- Coordinates: 27°59′47″N 97°55′22″W﻿ / ﻿27.99639°N 97.92278°W
- Country: United States
- State: Texas
- County: Jim Wells

Area
- • Total: 3.37 sq mi (8.72 km^{2})
- • Land: 3.37 sq mi (8.72 km^{2})
- • Water: 0 sq mi (0.0 km^{2})
- Elevation: 194 ft (59 m)

Population (2020)
- • Total: 375
- • Density: 111/sq mi (43.0/km^{2})
- Time zone: UTC-6 (Central (CST))
- • Summer (DST): UTC-5 (CDT)
- FIPS code: 48-38518
- GNIS feature ID: 1852716

= K-Bar Ranch, Texas =

K-Bar Ranch is a census-designated place (CDP) in Jim Wells County, Texas, United States. The population was 375 at the 2020 census.

==Geography==
K-Bar Ranch is located in northeastern Jim Wells County at (27.996465, -97.922898). Texas State Highway 359 forms the southeastern border of the community. Highway 359 leads southwest 2 mi to Orange Grove and 20 mi to Alice, the county seat, as well as northeast 10 mi to Mathis.

According to the United States Census Bureau, the CDP has a total area of 8.7 km2, all land.

==Demographics==

K-Bar Ranch first appeared as a census designated place in the 2000 U.S. census.

Historical population
| Census | Pop. | Note | %± |
| 2000 | 350 |  | — |
| 2010 | 358 |  | 2.3% |
| 2020 | 375 |  | 4.7% |
U.S. Decennial Census 1850–1900 1910 1920 1930 1940 1950 1960 1970 1980 1990 2000 2010 2020

===2020 census===

K-Bar Ranch CDP, Texas – Racial and ethnic composition Note: the US Census treats Hispanic/Latino as an ethnic category. This table excludes Latinos from the racial categories and assigns them to a separate category. Hispanics/Latinos may be of any race.
| Race / Ethnicity (NH = Non-Hispanic) | Pop 2000 | Pop 2010 | Pop 2020 | % 2000 | % 2010 | % 2020 |
|---|---|---|---|---|---|---|
| White alone (NH) | 57 | 98 | 85 | 16.29% | 27.37% | 22.67% |
| Black or African American alone (NH) | 0 | 0 | 0 | 0.00% | 0.00% | 0.00% |
| Native American or Alaska Native alone (NH) | 1 | 2 | 0 | 0.29% | 0.56% | 0.00% |
| Asian alone (NH) | 0 | 1 | 0 | 0.00% | 0.28% | 0.00% |
| Native Hawaiian or Pacific Islander alone (NH) | 0 | 0 | 0 | 0.00% | 0.00% | 0.00% |
| Other race alone (NH) | 0 | 0 | 0 | 0.00% | 0.00% | 0.00% |
| Mixed race or Multiracial (NH) | 0 | 1 | 2 | 0.00% | 0.28% | 0.53% |
| Hispanic or Latino (any race) | 292 | 256 | 288 | 83.43% | 71.51% | 76.80% |
| Total | 350 | 358 | 375 | 100.00% | 100.00% | 100.00% |

===2000 census===
As of the census of 2000, there were 350 people, 99 households, and 89 families residing in the CDP. The population density was 102.6 PD/sqmi. There were 116 housing units at an average density of 34.0 /sqmi. The racial makeup of the CDP was 86.29% White, 0.29% Native American, 12.86% from other races, and 0.57% from two or more races. Hispanic or Latino of any race were 83.43% of the population.

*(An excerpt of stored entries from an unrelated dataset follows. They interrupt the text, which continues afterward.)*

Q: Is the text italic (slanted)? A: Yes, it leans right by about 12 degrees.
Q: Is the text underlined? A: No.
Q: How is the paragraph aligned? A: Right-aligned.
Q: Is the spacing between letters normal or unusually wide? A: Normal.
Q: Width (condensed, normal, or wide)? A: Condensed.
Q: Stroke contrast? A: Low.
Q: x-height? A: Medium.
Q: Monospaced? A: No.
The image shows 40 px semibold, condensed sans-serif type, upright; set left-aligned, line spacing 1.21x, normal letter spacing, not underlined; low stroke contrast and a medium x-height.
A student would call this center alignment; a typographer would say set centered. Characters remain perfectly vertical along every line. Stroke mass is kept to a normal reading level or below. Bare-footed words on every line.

There were 99 households, out of which 55.6% had children under the age of 18 living with them, 70.7% were married couples living together, 13.1% had a female householder with no husband present, and 9.1% were non-families. 6.1% of all households were made up of individuals, and 4.0% had someone living alone who was 65 years of age or older. The average household size was 3.54 and the average family size was 3.69.

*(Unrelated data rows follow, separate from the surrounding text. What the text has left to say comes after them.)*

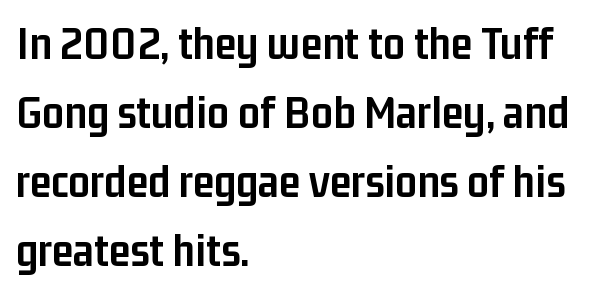
The image shows 48 px semibold, condensed sans-serif type, upright; set left-aligned, normal line spacing (1.44x), normal letter spacing, not underlined; low stroke contrast and a medium x-height.
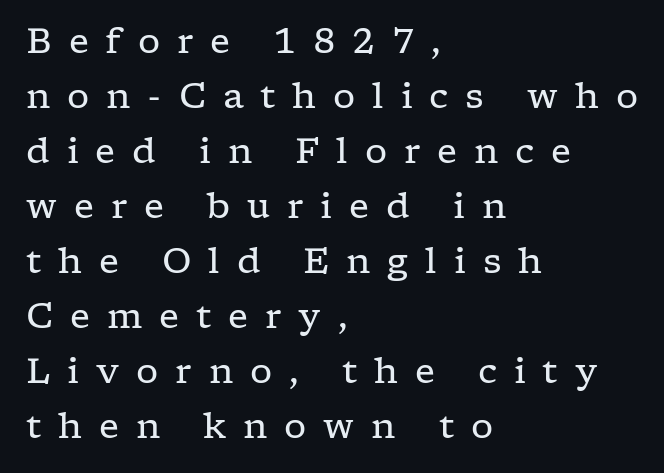
{"serif": "yes", "italic": "no", "bold": "no", "weight": "regular", "width": "wide", "stroke_contrast": "low", "x_height": "medium", "monospaced": "no", "underline": "no", "align": "left", "line_spacing": "normal", "line_spacing_ratio": 1.57, "letter_spacing": "wide", "letter_spacing_em": 0.48, "glyph_px": 35}
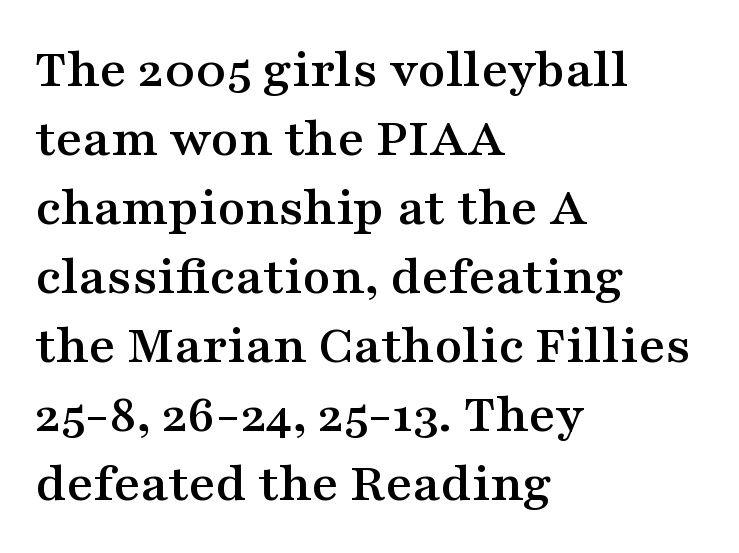
Q: Is the text italic (slanted)? A: No, it is upright.
Q: Is the typeface a serif or a sans-serif typeface? A: Serif.
Q: Is the text underlined? A: No.
Q: How is the paragraph aligned? A: Left-aligned.
Q: Is the spacing between letters normal or unusually wide? A: Normal.
Q: Width (condensed, normal, or wide)? A: Wide.
Q: Stroke contrast? A: Medium.
Q: x-height? A: Medium.
Q: Monospaced? A: No.
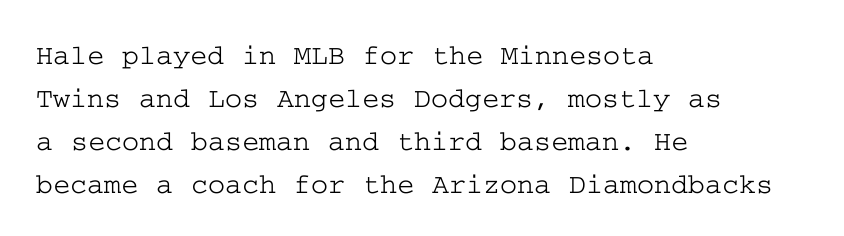
{"serif": "yes", "italic": "no", "width": "wide", "stroke_contrast": "low", "x_height": "medium", "underline": "no", "align": "left", "line_spacing": "normal", "line_spacing_ratio": 1.48, "letter_spacing": "normal", "letter_spacing_em": 0.0, "glyph_px": 29}
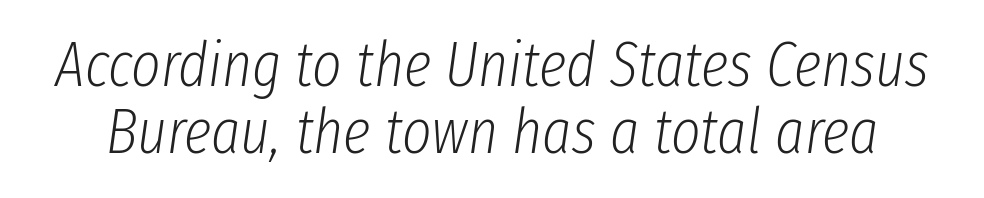
Q: Is the text bold? A: No.
Q: Is the text italic (slanted)? A: Yes, it leans right by about 8 degrees.
Q: Is the text underlined? A: No.
Q: Is the spacing between letters normal or unusually wide? A: Normal.
Q: Is the spacing between lines tight, normal or loose? A: Tight.
Q: Width (condensed, normal, or wide)? A: Condensed.
Q: Stroke contrast? A: Low.
Q: x-height? A: Medium.
Q: Monospaced? A: No.
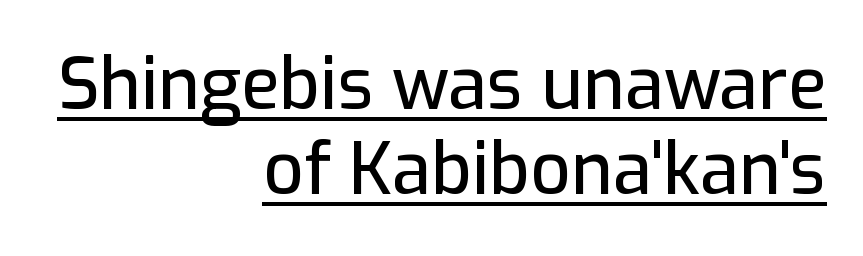
Each letter's strokes conclude bluntly, with no projecting serifs. Students, note that the glyphs here touch the page at normal intervals. Alignment: flush right. The letters advance in unequal steps, a hallmark of proportional type.
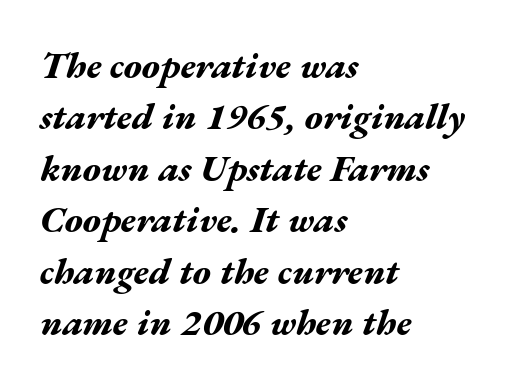
{"italic": "yes", "lean": "right", "slant_degrees": 17, "bold": "yes", "weight": "bold", "width": "wide", "stroke_contrast": "medium", "x_height": "medium", "monospaced": "no", "underline": "no", "align": "left", "line_spacing": "normal", "line_spacing_ratio": 1.39, "letter_spacing": "normal", "letter_spacing_em": 0.0, "glyph_px": 37}

In the CDP, the population was spread out, with 38.6% under the age of 18, 7.7% from 18 to 24, 26.6% from 25 to 44, 17.4% from 45 to 64, and 9.7% who were 65 years of age or older. The median age was 28 years. For every 100 females, there were 92.3 males. For every 100 females age 18 and over, there were 92.0 males.

The median income for a household in the CDP was $29,205, and the median income for a family was $28,409. Males had a median income of $23,173 versus $23,750 for females. The per capita income for the CDP was $7,450. About 26.2% of families and 34.3% of the population were below the poverty line, including 43.9% of those under age 18 and none of those age 65 or over.

==Education==
K-Bar Ranch is served by the Orange Grove Independent School District.